Qu'elle prenne la forme d'un débat sur la production porcine ou sur la
fabrication d'organismes génétiquement modifiés (OGM), cette question
débouche sur un enjeu de taille : les conséquences sur l'environnement et,
par conséquent, sur la santé humaine. Dans ce contexte, on pourrait
s'attendre à ce que le débat sur la question soit ouvert, accessible,
articulé de manière à permettre à tous et chacun de se faire une idée sur le
sujet. Pourtant, selon le professeur d'éthique et de philosophie Alain
Létourneau, il n'en est rien. À l'heure actuelle, les inquiétudes, les peurs
et les critiques les plus passionnées côtoient les certitudes, les
enthousiasmes et les espoirs les plus débridés, et ce, au mépris d'un débat
de fond.
Spécialiste de l'argumentation dans l'espace public, Alain Létourneau
s'intéresse depuis bientôt trois ans au débat sur la santé des écosystèmes
agricoles. «Ce qui retient plus particulièrement mon attention, c'est le
point de vue du citoyen, explique-t-il. Quelles sont les informations dont
il dispose pour se forger une opinion sur une question aussi fondamentale
que celle des OGM, pour ne prendre que cet exemple? Autrement dit, je veux
prendre le pouls du débat tel qu'il se présente depuis qu'il a commencé à
défrayer les manchettes, soit vers 1997, année du scandale du gène
Terminator.» Le professeur Létourneau bénéficie pour la réalisation de ce
projet d'une subvention du Réseau de recherches en production végétale,
d'une valeur totale de 55 000 $.
Les OGM dans la mire
Dans un premier temps, Alain Létourneau s'est consacré à l'étude de
l'argumentaire déployé dans le débat, puis il s'est penché sur les acteurs
en présence, environnementalistes, producteurs, compagnies biotechnologiques
et instances gouvernementales. Pour mieux connaître et situer les principaux
argumentaires, il a étudié les articles abordant l'«agriculture» et
l'«environnement» parus dans les médias écrits québécois et dans les
communications engendrées par les parties liées au débat, de 1997 à
aujourd'hui. Les quelque 270 articles répertoriés ont permis de dégager
quatre thèmes principaux : la politique (normes, mesures, subventions…), la
productivité (conséquence de l'économie de marché), les cours d'eau (leur
pollution) et les OGM.
Les arguments sont nombreux, autant chez les opposants que chez les
défenseurs. Prenons le seul cas des OGM, qui a fait l'objet d'un suivi
particulier de la part du chercheur. D'une part, les critiques brandissent
le spectre des effets nuisibles graves, tel le risque pour la diversité
biologique. Ils s'attaquent à l'intégrité des compagnies productrices, s'en
prennent à la vision instrumentaliste qu'ils ont de la nature et prétendent
que les pro-OGM bafouent la démocratie en imposant leur façon de faire.

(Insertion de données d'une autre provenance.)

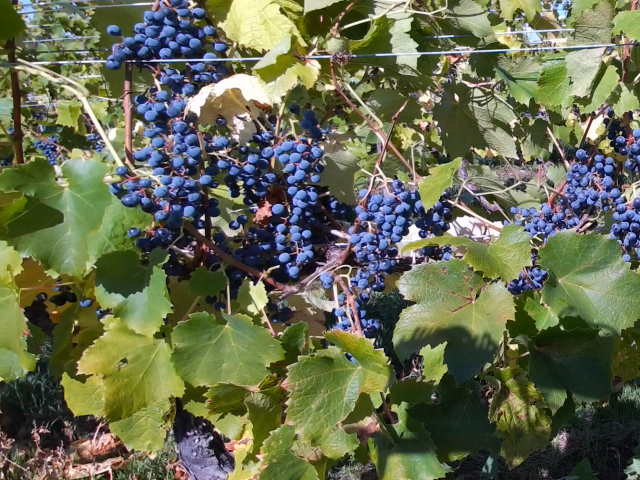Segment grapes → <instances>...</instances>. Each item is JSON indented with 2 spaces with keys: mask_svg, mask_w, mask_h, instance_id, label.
I'll use <instances>...</instances> for the list:
<instances>
[{
  "mask_svg": "<svg viewBox=\"0 0 640 480\" xmlns=\"http://www.w3.org/2000/svg\"><path fill=\"white\" fill-rule=\"evenodd\" d=\"M206 302H207L208 304H214V305H213V309H214L215 311H220V310H221V308H222V309H225V308H226V305H225V303H224L223 301H218V302H217V295H216V294H213V295H212V297H211V296H207V297H206Z\"/></svg>",
  "mask_w": 640,
  "mask_h": 480,
  "instance_id": "obj_16",
  "label": "grapes"
},
{
  "mask_svg": "<svg viewBox=\"0 0 640 480\" xmlns=\"http://www.w3.org/2000/svg\"><path fill=\"white\" fill-rule=\"evenodd\" d=\"M149 94L155 96V103L145 95H137L134 98L136 111L143 115L146 122H154L162 112L169 118H177L187 109L185 99H177L166 91H158L156 87L149 89ZM197 120L195 113H187L185 120L175 121L172 124V153L181 155L186 152V157L170 156L153 147H163L165 139L159 133L167 130L164 122H154L152 128L144 131V136L150 138L153 147H145L134 153L136 162H146L154 170V176L163 186L154 189V196L160 201L154 202L152 198L145 197L139 192V188H149L152 185L150 178L128 180L124 183L127 193L120 198V203L126 208L141 206L145 214H152L155 221L166 220L167 227L155 226L153 233L140 235L138 227H129L127 234L130 238H137V247L145 252H150L158 246L167 250L180 235V229L185 220L192 219V226L196 229H204L206 222L200 218L205 214V194L200 192V187L195 179H186L184 176L171 177V169L177 174L194 176L198 173V165L201 162L202 150L199 146V137L192 130L190 123Z\"/></svg>",
  "mask_w": 640,
  "mask_h": 480,
  "instance_id": "obj_2",
  "label": "grapes"
},
{
  "mask_svg": "<svg viewBox=\"0 0 640 480\" xmlns=\"http://www.w3.org/2000/svg\"><path fill=\"white\" fill-rule=\"evenodd\" d=\"M189 69L194 71L195 82L212 81L219 82L221 76L229 74V68L220 62H195L189 64Z\"/></svg>",
  "mask_w": 640,
  "mask_h": 480,
  "instance_id": "obj_8",
  "label": "grapes"
},
{
  "mask_svg": "<svg viewBox=\"0 0 640 480\" xmlns=\"http://www.w3.org/2000/svg\"><path fill=\"white\" fill-rule=\"evenodd\" d=\"M345 314H346V311L343 306H339L334 310L333 316L335 318H339L340 320L332 325V328L334 330L341 329L343 331H349L352 327H354V323L352 322V325H351L350 319L346 317Z\"/></svg>",
  "mask_w": 640,
  "mask_h": 480,
  "instance_id": "obj_14",
  "label": "grapes"
},
{
  "mask_svg": "<svg viewBox=\"0 0 640 480\" xmlns=\"http://www.w3.org/2000/svg\"><path fill=\"white\" fill-rule=\"evenodd\" d=\"M593 161L595 162L593 166L582 163L571 165L566 177L568 187L565 189V193L567 197L559 196L556 199V204L563 211L553 214V208L547 202H543L540 205V211L536 207L521 209L519 206H512L509 212L512 215L521 214L524 218L532 215L531 223H527L524 230L530 237L542 235V241L547 243L557 233V229L564 231L577 226L581 221L580 213L588 205L602 207L604 212H608L610 206L604 205L602 200L608 197L612 198L616 211L611 214V218L614 222L621 224L613 223L611 225L609 237L616 239L628 248L636 246V258L640 260V197L632 200L633 210L626 208L624 205L626 199L620 196L618 188L612 187L615 169L613 158L611 156L605 157L602 152H597L593 155ZM596 172L600 175L604 174V178L596 180L598 185H603L604 190L597 193L593 188H581L580 185L582 187L590 185V180Z\"/></svg>",
  "mask_w": 640,
  "mask_h": 480,
  "instance_id": "obj_3",
  "label": "grapes"
},
{
  "mask_svg": "<svg viewBox=\"0 0 640 480\" xmlns=\"http://www.w3.org/2000/svg\"><path fill=\"white\" fill-rule=\"evenodd\" d=\"M274 138L272 131H259L253 135V141L261 145V151L250 153L248 146H241L239 153L246 155L242 165H235L230 159H218L216 166H207L204 174L198 178L201 187L217 189L219 181L214 179L218 174V169L228 170V176L224 178V184L228 186L230 196L238 198L240 187L238 181H244L243 204L249 206V212L256 214L258 206L253 203H260L261 197L268 195V186L277 181L275 173H266L262 177V170L270 167L269 159L276 155L278 161L284 164L287 173H294L285 178L287 193L292 196L291 215L288 217L287 225L282 221L285 213V206L282 203H274L271 206V220L265 229H257L255 226L247 228L249 238H263L261 242L253 243L250 247L239 248L234 252V258L251 267H263L265 259L261 256L264 252L275 250L282 252L270 258L272 265H281V271L291 280L299 278L300 267L297 263L309 264L314 258L313 243L336 242L338 234L335 232V225L328 216L323 213V207L327 209L338 221L355 223L357 219L362 222H373L378 226V232L360 231L354 232L355 227L350 225L347 228L349 242L356 245L354 256L363 259L368 265V271L359 269L350 278L351 285L364 289L368 285L372 291L383 292L386 288L385 275H391L397 265L394 258L398 248L389 246L385 237L391 239L393 243H399L400 239L409 235V227L412 220L409 218L414 212L419 214L415 225L420 229L418 236L426 238L432 231L439 234L442 231L448 232L451 225L446 221L452 219V206L447 203L451 197L448 190L442 192V196L435 202L434 207L427 211L424 209L421 196L418 191H405L404 182L394 179L391 182L393 188L392 196L380 194H370L367 197L365 208L360 205L339 203L336 196L318 195L328 192L329 185L306 186L298 189L294 184L305 182L307 175L313 171L322 173V164L312 163L323 156V150L319 147H308V139L299 136L297 142L294 139H287L281 146H270Z\"/></svg>",
  "mask_w": 640,
  "mask_h": 480,
  "instance_id": "obj_1",
  "label": "grapes"
},
{
  "mask_svg": "<svg viewBox=\"0 0 640 480\" xmlns=\"http://www.w3.org/2000/svg\"><path fill=\"white\" fill-rule=\"evenodd\" d=\"M204 147L207 151H216L229 146V139L223 136H217L213 139L210 133L203 135Z\"/></svg>",
  "mask_w": 640,
  "mask_h": 480,
  "instance_id": "obj_13",
  "label": "grapes"
},
{
  "mask_svg": "<svg viewBox=\"0 0 640 480\" xmlns=\"http://www.w3.org/2000/svg\"><path fill=\"white\" fill-rule=\"evenodd\" d=\"M421 254L426 257H430L434 261H449L452 256V247L446 245L443 250L437 246H424L421 249Z\"/></svg>",
  "mask_w": 640,
  "mask_h": 480,
  "instance_id": "obj_12",
  "label": "grapes"
},
{
  "mask_svg": "<svg viewBox=\"0 0 640 480\" xmlns=\"http://www.w3.org/2000/svg\"><path fill=\"white\" fill-rule=\"evenodd\" d=\"M371 300V296L368 292H361L359 298L356 299L355 307L360 317L362 324V335L366 336L371 330H380L383 327V323L379 319L366 318L367 310L362 307L363 303H368Z\"/></svg>",
  "mask_w": 640,
  "mask_h": 480,
  "instance_id": "obj_10",
  "label": "grapes"
},
{
  "mask_svg": "<svg viewBox=\"0 0 640 480\" xmlns=\"http://www.w3.org/2000/svg\"><path fill=\"white\" fill-rule=\"evenodd\" d=\"M162 10H145L142 22L132 27L133 37H125L123 44L114 43L110 55L105 59V67L111 71L122 68V62L134 57L172 58L185 55L193 57H218L214 53H206L202 40L213 36L216 28L213 25H191L188 19L180 17L193 16L201 20L206 17L203 6L189 9L188 0H171L170 7L164 0L159 2Z\"/></svg>",
  "mask_w": 640,
  "mask_h": 480,
  "instance_id": "obj_4",
  "label": "grapes"
},
{
  "mask_svg": "<svg viewBox=\"0 0 640 480\" xmlns=\"http://www.w3.org/2000/svg\"><path fill=\"white\" fill-rule=\"evenodd\" d=\"M318 120L315 118V113L312 110H305L303 112V119L300 121V127L302 129H309V136L314 139H320L322 137V131L318 128Z\"/></svg>",
  "mask_w": 640,
  "mask_h": 480,
  "instance_id": "obj_11",
  "label": "grapes"
},
{
  "mask_svg": "<svg viewBox=\"0 0 640 480\" xmlns=\"http://www.w3.org/2000/svg\"><path fill=\"white\" fill-rule=\"evenodd\" d=\"M204 268L210 273H215L220 270V261L217 255H208L203 258Z\"/></svg>",
  "mask_w": 640,
  "mask_h": 480,
  "instance_id": "obj_15",
  "label": "grapes"
},
{
  "mask_svg": "<svg viewBox=\"0 0 640 480\" xmlns=\"http://www.w3.org/2000/svg\"><path fill=\"white\" fill-rule=\"evenodd\" d=\"M224 274L227 275V277L229 279H231L230 281V294L228 295V289L224 288L223 289V296L225 299H233L236 300L237 299V292L239 290V288L241 287V283L245 278H249L250 281L252 282L253 285H256L257 282L259 281V277L258 276H254L253 273H246L243 270L237 269V268H233L232 265H228L226 267V269L224 270Z\"/></svg>",
  "mask_w": 640,
  "mask_h": 480,
  "instance_id": "obj_9",
  "label": "grapes"
},
{
  "mask_svg": "<svg viewBox=\"0 0 640 480\" xmlns=\"http://www.w3.org/2000/svg\"><path fill=\"white\" fill-rule=\"evenodd\" d=\"M531 264L533 266H527L525 270L529 275L530 280H525V275L522 272L517 274L518 279H512L507 286V290L514 295H519L522 292L535 289H541L543 287V280L548 275V271L546 269H540L539 267H535L538 264V250L533 248L531 250Z\"/></svg>",
  "mask_w": 640,
  "mask_h": 480,
  "instance_id": "obj_6",
  "label": "grapes"
},
{
  "mask_svg": "<svg viewBox=\"0 0 640 480\" xmlns=\"http://www.w3.org/2000/svg\"><path fill=\"white\" fill-rule=\"evenodd\" d=\"M187 77L188 72L186 70H181L178 73L173 68H165L158 73V81L170 86L173 93L193 95L196 92V85L194 83H185Z\"/></svg>",
  "mask_w": 640,
  "mask_h": 480,
  "instance_id": "obj_7",
  "label": "grapes"
},
{
  "mask_svg": "<svg viewBox=\"0 0 640 480\" xmlns=\"http://www.w3.org/2000/svg\"><path fill=\"white\" fill-rule=\"evenodd\" d=\"M609 131L607 138L612 140L610 142V146L622 157H627L629 155L632 160L625 161V168L630 170L633 174H638L640 168V128H635L633 130V136L636 138V141L635 143H631L629 148L627 146V128L621 127L618 119H613L611 121Z\"/></svg>",
  "mask_w": 640,
  "mask_h": 480,
  "instance_id": "obj_5",
  "label": "grapes"
}]
</instances>

D'autre part, les défenseurs avancent la valeur d'usage des OGM, par exemple
la meilleure résistance des plantes à certaines maladies ou au froid,
arguent les avantages économiques, se portent à la défense des compagnies et
justifient la transgénèse, œuvre de l'homme, donc de la nature.
Un débat de sourds
«C'est un débat de sourds, très polarisé, indique Alain Létourneau. Dans
les médias, chaque partie est campée sur sa position, et rares sont les
interactions argumentaires entre les deux.» Plus surprenant encore, dans
l'état actuel du débat, autant les risques que les avantages escomptés
relèvent de l'univers de la probabilité. «Le débat nous laisse dans
l'incertitude», ajoute le professeur. Une situation qui s'explique, selon
lui, par la forte composante politique du débat et par le fait que
l'aventure des OGM est un phénomène récent. «Aucune expérience ne peut
démontrer l'innocuité à long terme des OGM sur les écosystèmes ruraux, et
les avantages escomptés sont souvent hypothétiques», conclut-il.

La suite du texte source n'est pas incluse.